- [To do] Only one stretch of the data below is wanted: the lines from the one with "land cover: Grassland" through the one with "latitude: 46.4958", repeated exactly.

══ Input data

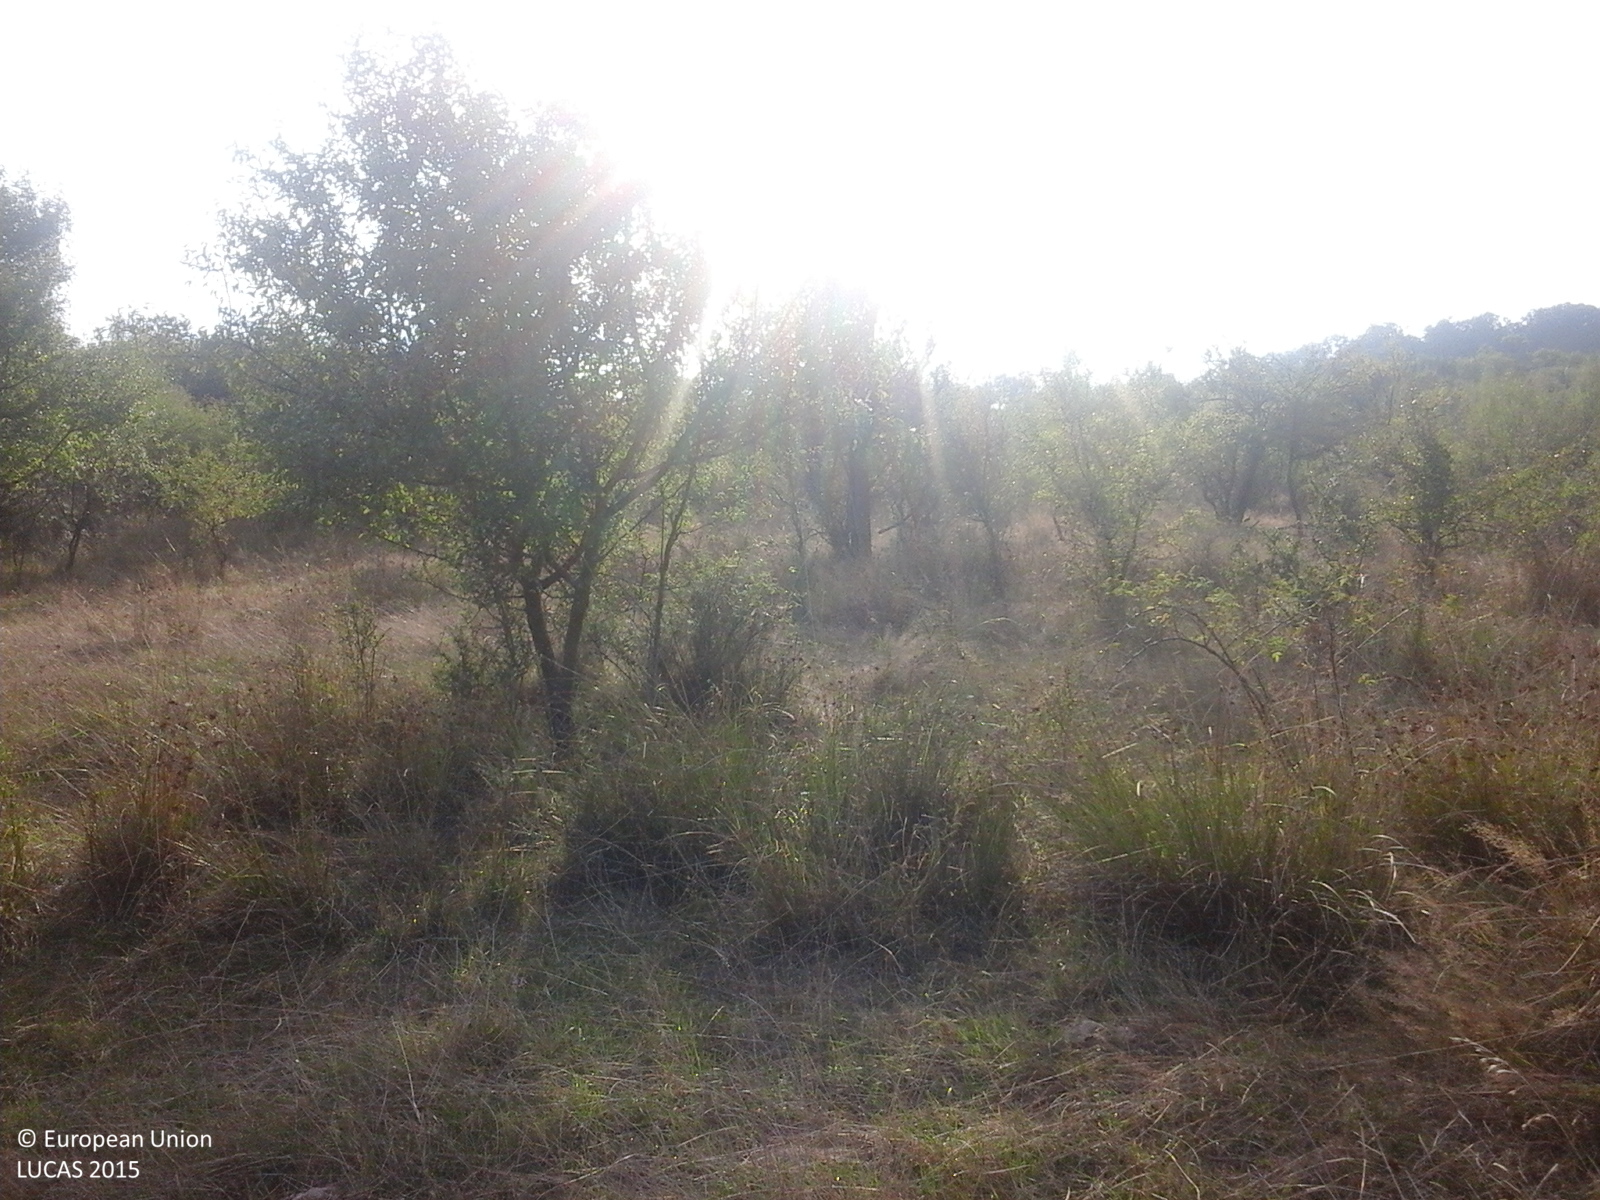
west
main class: Grassland
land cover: Grassland with sparse tree/shrub cover
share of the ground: > 75 %
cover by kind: herbaceous plants 85 %, shrubs 10 %, broadleaved forest trees 5 %
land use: Agriculture (excluding fallow land and kitchen gardens)
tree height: < 5 m
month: August
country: RO
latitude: 46.4958
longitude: 21.9656

════

- [Response to this task]
land cover: Grassland with sparse tree/shrub cover
share of the ground: > 75 %
cover by kind: herbaceous plants 85 %, shrubs 10 %, broadleaved forest trees 5 %
land use: Agriculture (excluding fallow land and kitchen gardens)
tree height: < 5 m
month: August
country: RO
latitude: 46.4958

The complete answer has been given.